Anyone still left in the economic recovery camp only have Geithner, Summers and Bernanke for company. Yikes! Everyone else has left that camp, knowing full well that there is going be no recovery because the U.S consumer is completely tapped out. We leave the explanation to Bill Gross who says it best (yeah we dislike PIMCO, but he makes sense here, so bear with us):
There have been numerous changeups and curveballs in the financial markets over the past 15 months or so. Liquidation, reliquification, and the substituting of the government wallet for the invisible hand of the private sector describe the events from 30,000 feet. Now that a semblance of stability has been imparted to the economy and its markets, the attempted detoxification and deleveraging of the private sector is underway. Having survived due to a steady two-trillion-dollar-plus dose of government “Red Bull,” Adderall, or simply strong black coffee, the global private sector is now expected by some to detox and resume a normal cyclical schedule where animal spirits and the willingness to take risk move front and center. But there is a problem.
While corporations may be heading in that direction due to steep yield curves and government check writing that have partially repaired their balance sheets, their consumer customers remain fully levered and undercapitalized with little hope of escaping rehab as long as unemployment and underemployment remain at 10-20% levels worldwide. “Build it and they will come” is an old saw more applicable to Kevin Costner’s Field of Dreams than to today’s economy. “Say’s Law” proclaiming that supply creates its own demand is hardly applicable to a modern day credit-oriented society where credit cards are maxed out, 25% of homeowners are underwater, and job and income creation are nearly invisible.
There is no point in corporations producing any goods if no one has money to buy them. And jobs are certainly not coming back unless Obama decides to move U.S. industries back home from China. There is no other way to create jobs en mass to employ the jobless millions.
From 2000 onwards the entire U.S. economy was running on real estate fuel. Real industrial jobs displaced to China were filled by the growing ranks of real estate brokers, home flippers, home decorators etc. Think of all the people who lost jobs in real estate and related industries. Is there ANY other industry that can absorb the unemployed mortgage brokers, real estate agents and construction folks?
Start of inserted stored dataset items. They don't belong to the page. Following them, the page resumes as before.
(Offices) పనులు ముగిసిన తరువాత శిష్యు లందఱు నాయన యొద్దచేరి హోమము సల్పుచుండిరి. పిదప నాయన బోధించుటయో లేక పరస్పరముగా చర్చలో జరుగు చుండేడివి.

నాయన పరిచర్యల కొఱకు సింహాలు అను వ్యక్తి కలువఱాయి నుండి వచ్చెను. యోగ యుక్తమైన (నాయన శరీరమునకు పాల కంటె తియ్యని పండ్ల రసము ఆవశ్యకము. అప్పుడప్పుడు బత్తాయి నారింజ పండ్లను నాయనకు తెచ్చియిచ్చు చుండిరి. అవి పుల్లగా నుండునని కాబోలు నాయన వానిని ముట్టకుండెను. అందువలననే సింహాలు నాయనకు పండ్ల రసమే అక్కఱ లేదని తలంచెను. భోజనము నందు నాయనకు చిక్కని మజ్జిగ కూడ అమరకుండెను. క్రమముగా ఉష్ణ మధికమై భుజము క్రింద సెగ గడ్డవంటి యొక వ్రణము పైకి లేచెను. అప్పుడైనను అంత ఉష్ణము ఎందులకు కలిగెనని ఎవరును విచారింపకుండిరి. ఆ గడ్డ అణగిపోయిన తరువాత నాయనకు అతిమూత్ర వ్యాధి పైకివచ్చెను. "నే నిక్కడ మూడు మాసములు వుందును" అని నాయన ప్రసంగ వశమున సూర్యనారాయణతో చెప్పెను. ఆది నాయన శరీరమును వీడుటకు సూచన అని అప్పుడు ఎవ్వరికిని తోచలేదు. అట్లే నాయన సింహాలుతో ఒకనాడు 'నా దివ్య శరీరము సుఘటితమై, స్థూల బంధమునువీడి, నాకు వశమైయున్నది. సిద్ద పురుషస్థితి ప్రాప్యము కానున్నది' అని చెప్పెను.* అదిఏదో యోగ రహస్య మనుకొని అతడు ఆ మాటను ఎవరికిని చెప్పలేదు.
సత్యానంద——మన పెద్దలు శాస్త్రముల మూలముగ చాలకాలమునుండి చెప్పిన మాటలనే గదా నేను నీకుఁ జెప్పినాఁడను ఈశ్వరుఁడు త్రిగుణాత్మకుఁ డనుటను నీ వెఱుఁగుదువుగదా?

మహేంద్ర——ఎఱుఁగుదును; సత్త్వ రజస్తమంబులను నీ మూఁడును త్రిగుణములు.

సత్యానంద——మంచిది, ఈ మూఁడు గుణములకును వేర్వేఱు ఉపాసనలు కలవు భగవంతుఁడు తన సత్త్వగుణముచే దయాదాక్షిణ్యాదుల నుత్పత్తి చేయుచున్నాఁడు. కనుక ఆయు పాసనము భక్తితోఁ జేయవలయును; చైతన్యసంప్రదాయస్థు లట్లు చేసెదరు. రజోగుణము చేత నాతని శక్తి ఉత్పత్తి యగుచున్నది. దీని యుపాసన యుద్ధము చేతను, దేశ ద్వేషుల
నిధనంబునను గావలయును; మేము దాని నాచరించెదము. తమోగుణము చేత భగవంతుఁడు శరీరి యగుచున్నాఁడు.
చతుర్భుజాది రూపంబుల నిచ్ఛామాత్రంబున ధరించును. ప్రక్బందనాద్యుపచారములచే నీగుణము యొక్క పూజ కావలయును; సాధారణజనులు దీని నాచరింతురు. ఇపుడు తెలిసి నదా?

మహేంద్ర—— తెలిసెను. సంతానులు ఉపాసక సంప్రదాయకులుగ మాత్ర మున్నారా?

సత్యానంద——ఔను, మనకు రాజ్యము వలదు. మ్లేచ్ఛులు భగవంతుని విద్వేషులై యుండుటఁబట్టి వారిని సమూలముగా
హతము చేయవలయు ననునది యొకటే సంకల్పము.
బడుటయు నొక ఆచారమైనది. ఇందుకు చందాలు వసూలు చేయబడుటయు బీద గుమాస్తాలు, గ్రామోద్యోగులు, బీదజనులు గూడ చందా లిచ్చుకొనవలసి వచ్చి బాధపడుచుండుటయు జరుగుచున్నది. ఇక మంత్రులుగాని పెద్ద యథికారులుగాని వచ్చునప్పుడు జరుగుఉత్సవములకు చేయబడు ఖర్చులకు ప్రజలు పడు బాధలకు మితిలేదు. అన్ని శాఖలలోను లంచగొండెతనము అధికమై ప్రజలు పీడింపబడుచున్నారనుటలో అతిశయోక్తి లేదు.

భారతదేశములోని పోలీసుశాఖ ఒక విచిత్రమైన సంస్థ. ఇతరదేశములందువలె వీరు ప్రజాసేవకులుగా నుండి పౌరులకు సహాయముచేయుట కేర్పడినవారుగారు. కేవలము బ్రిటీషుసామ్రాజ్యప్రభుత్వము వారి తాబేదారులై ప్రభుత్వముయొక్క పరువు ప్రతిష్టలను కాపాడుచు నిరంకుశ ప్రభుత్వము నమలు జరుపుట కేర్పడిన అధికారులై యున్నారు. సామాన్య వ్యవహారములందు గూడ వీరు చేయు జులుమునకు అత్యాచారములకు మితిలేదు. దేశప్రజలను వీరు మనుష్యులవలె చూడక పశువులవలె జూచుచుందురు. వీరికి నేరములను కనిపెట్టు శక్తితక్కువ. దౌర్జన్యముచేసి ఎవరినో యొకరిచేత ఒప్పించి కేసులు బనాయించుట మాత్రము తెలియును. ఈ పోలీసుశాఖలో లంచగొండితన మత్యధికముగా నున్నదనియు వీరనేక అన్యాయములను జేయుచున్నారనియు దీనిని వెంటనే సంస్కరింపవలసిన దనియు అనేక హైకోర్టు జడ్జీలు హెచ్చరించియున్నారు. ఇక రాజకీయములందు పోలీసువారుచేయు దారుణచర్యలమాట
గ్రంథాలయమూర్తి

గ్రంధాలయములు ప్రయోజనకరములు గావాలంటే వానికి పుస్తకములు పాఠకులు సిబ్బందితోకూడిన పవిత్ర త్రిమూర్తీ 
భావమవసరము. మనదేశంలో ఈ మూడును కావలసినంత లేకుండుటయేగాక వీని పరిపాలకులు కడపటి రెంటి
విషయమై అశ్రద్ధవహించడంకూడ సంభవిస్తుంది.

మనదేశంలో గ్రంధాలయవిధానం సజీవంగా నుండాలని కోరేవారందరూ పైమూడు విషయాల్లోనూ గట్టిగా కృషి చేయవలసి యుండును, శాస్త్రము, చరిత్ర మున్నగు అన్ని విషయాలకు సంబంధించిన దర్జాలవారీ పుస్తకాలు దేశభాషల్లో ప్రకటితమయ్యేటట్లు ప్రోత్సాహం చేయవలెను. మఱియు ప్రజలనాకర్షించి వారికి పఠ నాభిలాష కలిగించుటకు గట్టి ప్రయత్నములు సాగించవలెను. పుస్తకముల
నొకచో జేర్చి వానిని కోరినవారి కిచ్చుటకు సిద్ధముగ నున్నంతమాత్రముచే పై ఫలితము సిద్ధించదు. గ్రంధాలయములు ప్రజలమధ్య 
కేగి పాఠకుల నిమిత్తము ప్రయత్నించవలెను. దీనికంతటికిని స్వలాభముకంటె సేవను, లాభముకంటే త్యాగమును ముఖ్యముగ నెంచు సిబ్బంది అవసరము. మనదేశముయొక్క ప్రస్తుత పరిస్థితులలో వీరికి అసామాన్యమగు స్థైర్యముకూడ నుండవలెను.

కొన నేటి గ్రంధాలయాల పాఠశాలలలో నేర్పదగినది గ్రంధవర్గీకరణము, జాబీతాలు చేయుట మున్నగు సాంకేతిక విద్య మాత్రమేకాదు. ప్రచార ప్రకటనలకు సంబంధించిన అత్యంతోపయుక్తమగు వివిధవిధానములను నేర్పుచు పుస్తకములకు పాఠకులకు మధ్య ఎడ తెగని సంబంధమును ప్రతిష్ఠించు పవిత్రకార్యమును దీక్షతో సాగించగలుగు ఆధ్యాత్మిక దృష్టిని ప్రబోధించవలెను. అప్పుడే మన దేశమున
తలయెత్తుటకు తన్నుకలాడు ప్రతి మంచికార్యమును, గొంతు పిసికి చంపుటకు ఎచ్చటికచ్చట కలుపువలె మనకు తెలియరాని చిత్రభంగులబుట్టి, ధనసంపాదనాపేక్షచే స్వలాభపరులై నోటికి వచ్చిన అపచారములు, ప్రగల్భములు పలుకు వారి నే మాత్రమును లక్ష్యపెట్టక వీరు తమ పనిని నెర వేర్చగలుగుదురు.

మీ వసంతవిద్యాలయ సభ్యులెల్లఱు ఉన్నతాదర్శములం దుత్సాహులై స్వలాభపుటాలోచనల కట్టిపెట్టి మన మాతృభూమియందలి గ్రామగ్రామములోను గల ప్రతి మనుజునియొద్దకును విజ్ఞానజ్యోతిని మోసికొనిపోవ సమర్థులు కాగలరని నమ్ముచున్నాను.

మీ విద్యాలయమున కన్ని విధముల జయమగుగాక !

Not to mention the jobs lost in peripheral sectors: home appliance, home improvement and finance sectors? We think not. And you certainly cannot retrain real estate brokers to do green jobs, most of which require highly skilled engineers.

2 comments:

Anonymous said...

Perhaps the next Fed par-tay will be powered by methamphetamine. An order of magnitude step up? But remember what meth addicts wind up like.

Anonymous said...

The first shot of the second American Revolution has already been fired.

When will the true Partiots in this country stand up and say enough is enough?